Dos gatos negros me miran desde la ventana, les saludo con la mano. No sé qué quiere decir que dos gatos negros con heterocromía te observen con fijeza desde el alfeizar de una ventana cerrada, pero mi instinto quiere intuir que es un buen presagio. Uno de ellos tiene el morro blanco y las patitas con calcetines de algodón. ¿Se le considera, aun así, negro? Espero que sí y si no, me da igual: para mí sigue siendo un buen presagio que dos gatos negros te miren fijamente desde el alfeizar con sus ojos heterocromos.
Voy camino al trabajo, me gusta ir a pie porque las calles tienen una luz especial de recién despertar, y un silencio blanco envuelve la ciudad en esta hora quieta. El aire es más fresco y puro antes de las siete de la mañana cuando en la Avenida Meridiana aún no nos hemos sacudido el calor de las sábanas, y el tráfico y los habitantes no corretean histéricos por las calles. Siento que a esta hora soy dueña y señora de Barcelona, es mía y de unos pocos afortunados que aprendieron a valorar esta quietud matutina.
Tomo la calle Bilbao que es estrecha y pertenece al sintecho que duerme en su propio palacio de cartón dentro de un banco. Nunca llevo dinero suelto, pero siempre le dejo un croissant y un café porque desayunar café recién hecho y croissants calientes debería ser reconocido como derecho humano y patrimonio de la humanidad.
Antes, en el portal número 225, al lado de la sede de la Caixa, vivía un moro que quiso ser príncipe, pero el sintecho rey no quiso permitírselo y se enzarzaron en una discusión terrible.

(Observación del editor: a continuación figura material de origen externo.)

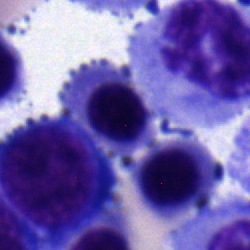
A nucleated red cell.
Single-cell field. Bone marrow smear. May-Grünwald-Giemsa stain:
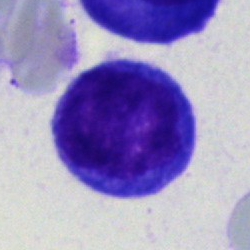
Specimen: bone marrow aspirate smear.
Classification: typical lymphocyte.
Lineage: lymphoid.
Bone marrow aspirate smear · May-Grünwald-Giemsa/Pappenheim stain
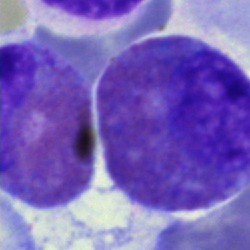 Cell: eosinophilic granulocyte.
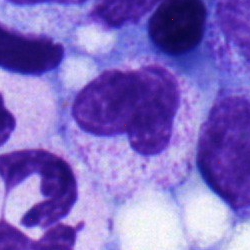
Specimen: bone marrow smear.
Morphological class: stab cell.
Lineage: myeloid.
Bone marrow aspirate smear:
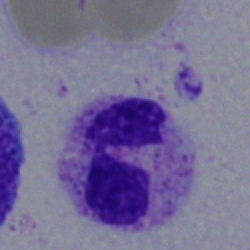

This is a segmented neutrophil.
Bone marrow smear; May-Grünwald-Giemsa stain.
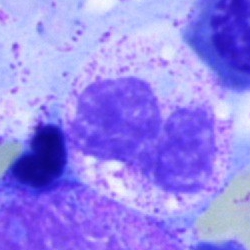 This is a neutrophil (segmented).
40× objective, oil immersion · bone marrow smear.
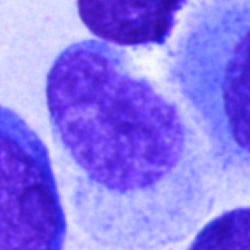Impression — unidentifiable cell.
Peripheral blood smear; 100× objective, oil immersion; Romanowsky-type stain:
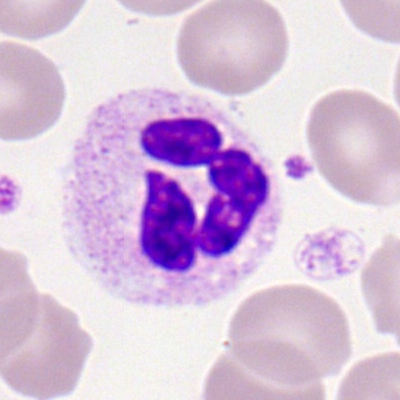

Morphological class: segmented neutrophil.
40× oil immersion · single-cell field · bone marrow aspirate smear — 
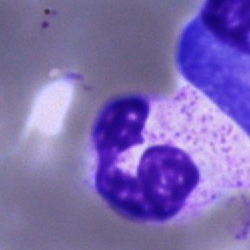
Q: What type of cell is this?
A: This is a segmented neutrophil.
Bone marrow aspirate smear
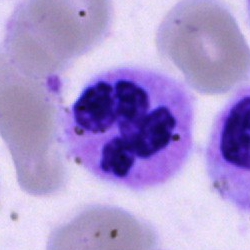
Morphological class — polymorphonuclear neutrophil.
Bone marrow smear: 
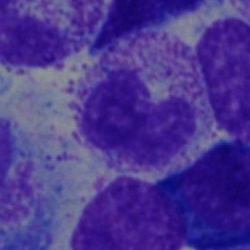Q: Identify the cell.
A: Metamyelocyte.
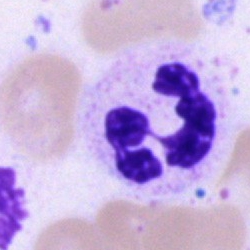 Specimen: bone marrow aspirate smear.
Cell: polymorphonuclear neutrophil.
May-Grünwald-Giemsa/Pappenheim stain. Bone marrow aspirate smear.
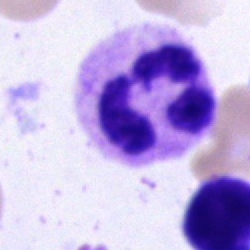

Classification: neutrophil (segmented).
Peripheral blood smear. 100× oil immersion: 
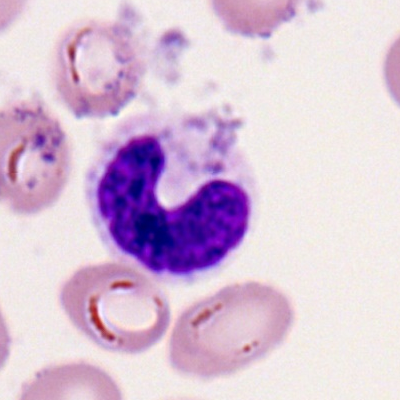
Q: What is the morphological classification of this cell?
A: Stab cell.
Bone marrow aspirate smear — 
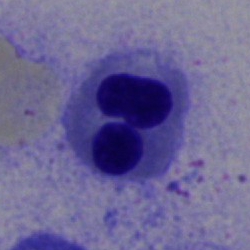 Classification: nucleated red cell.
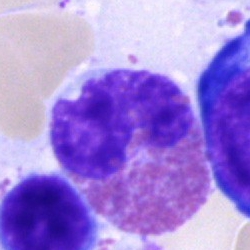Specimen: bone marrow aspirate smear.
Classification: eosinophilic granulocyte.
Lineage: myeloid.
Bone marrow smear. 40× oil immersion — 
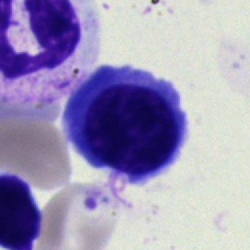

Showing a nucleated red cell.
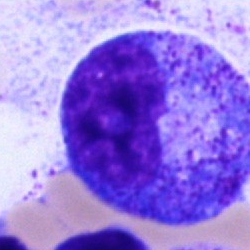 Cell type — promyelocyte.
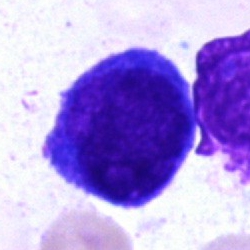
Bone marrow smear showing a blast.

Yo no sé si lo mató o el otro se asustó tanto que terminó por exiliarse, pero lo cierto es que no he vuelto a verle. Tampoco me importa, no me caía bien y no me gustaba como me miraba.

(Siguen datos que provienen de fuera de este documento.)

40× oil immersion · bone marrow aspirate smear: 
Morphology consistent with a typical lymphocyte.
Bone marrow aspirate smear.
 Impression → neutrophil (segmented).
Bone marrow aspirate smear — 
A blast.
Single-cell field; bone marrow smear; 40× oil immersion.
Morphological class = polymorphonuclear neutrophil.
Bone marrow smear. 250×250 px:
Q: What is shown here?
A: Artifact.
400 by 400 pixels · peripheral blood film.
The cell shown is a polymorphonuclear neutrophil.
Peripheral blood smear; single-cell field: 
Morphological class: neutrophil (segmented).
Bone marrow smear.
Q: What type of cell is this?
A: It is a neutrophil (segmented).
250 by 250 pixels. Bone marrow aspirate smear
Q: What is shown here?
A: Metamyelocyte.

—Yo no quiero vasallos, ni aliados —me dice con su boca desdentada—. Tampoco enemigos.
Me río pensando que la calle es como un tablero de ajedrez en el que cada jugador juega con sus normas y vamos todos como pollo sin cabeza dando machetes o recibiéndolos sin ton ni son. La raison puede intentar imponerse, pero la folie es nuestra verdadera soberana.
A estas horas de la mañana te cruzas con poca gente. Una o dos mujeres con la somnolencia dibujada en las bolsas de los ojos, dos negros en bici que no se sabe bien sin van o vienen de trabajar. En los reflejos de los escaparates se asoman caras amorfas y desdibujadas que reclaman vidas pasadas y vidas futuras. En un reflejo no cabe el presente. Son solo espejismos, por eso a veces nos gusta mirarnos en ellos: forman y deforman nuestra imagen, la moldean, la destruyen según las químicas que gobiernan nuestra mente. A decir verdad, los espejos no son traicioneros como gusta creer. Son, más bien, la realidad que nuestro fuero interno quiere creer, aflorando a través de nuestros ojos.

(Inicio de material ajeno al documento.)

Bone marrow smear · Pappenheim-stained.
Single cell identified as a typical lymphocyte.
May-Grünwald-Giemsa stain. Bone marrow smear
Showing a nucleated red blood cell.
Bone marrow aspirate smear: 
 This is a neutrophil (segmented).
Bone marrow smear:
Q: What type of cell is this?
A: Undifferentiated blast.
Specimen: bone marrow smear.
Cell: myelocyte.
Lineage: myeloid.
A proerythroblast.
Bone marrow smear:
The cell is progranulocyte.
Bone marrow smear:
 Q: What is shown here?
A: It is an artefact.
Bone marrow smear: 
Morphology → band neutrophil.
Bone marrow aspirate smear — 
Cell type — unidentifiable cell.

La luz del día, entre gris y rosada, empieza a anaranjarse. La ciudad despierta de su letargo desperezándose lentamente para desprenderse del manto onírico que aun la envuelve. Mi abuela me contó que hubo una época anterior en la que la ciudad olía a pólvora, sangre y miedo; luego simplemente a miedo. Existió un entretiempo en que los aromas que gobernaban la ciudad eran los de la artesanía, la madera fresca, el pan recién horneado, el oxido, las flores recién cortadas, el sudor. Los aromas que dominan nuestras vidas esta mañana de agosto son pegajosos, oscuros, polvorientos; olores de multitudes y monstruos de cuatro ruedas.
Los problemas y las preocupaciones se instalan en la nuca, justo encima de la C1 y se hace un nudo que a veces asciende hasta la sien y se instala en la vena hinchada de la frente. Otras, se arrastra como un gusano venenoso hasta la lumbar y muerde la ciática dejándonos imposibilitados y moribundos durante nuestra tarde libre, y maldecimos nuestro trabajo y nos planteamos abandonarlo y buscar nuestra pasión verdadera. A mí no me gusta mi trabajo, pero paga las facturas y me regala el bienestar más absoluto: la monotonía. Como un autómata me quejo con mis compañeras a la hora del descanso:
—¡Nos tienen explotadas!
—¡Un sueldo digno ya!
—Yo, por esta empresa, no me voy a romper los cuernos.
—La verdad es que yo tampoco me voy a romper los cuernos por esta empresa, pero tampoco la cara en una huelga sindical.
Cruzo la Avenida Diagonal cuando un sonido seco me aturde y una energía histérica y desorganizada me avasalla desde la lejanía. El día que empezaba a despuntar soleado se tornó poco a poco en una mancha oscura hasta que la negrura conquistó toda mi conciencia.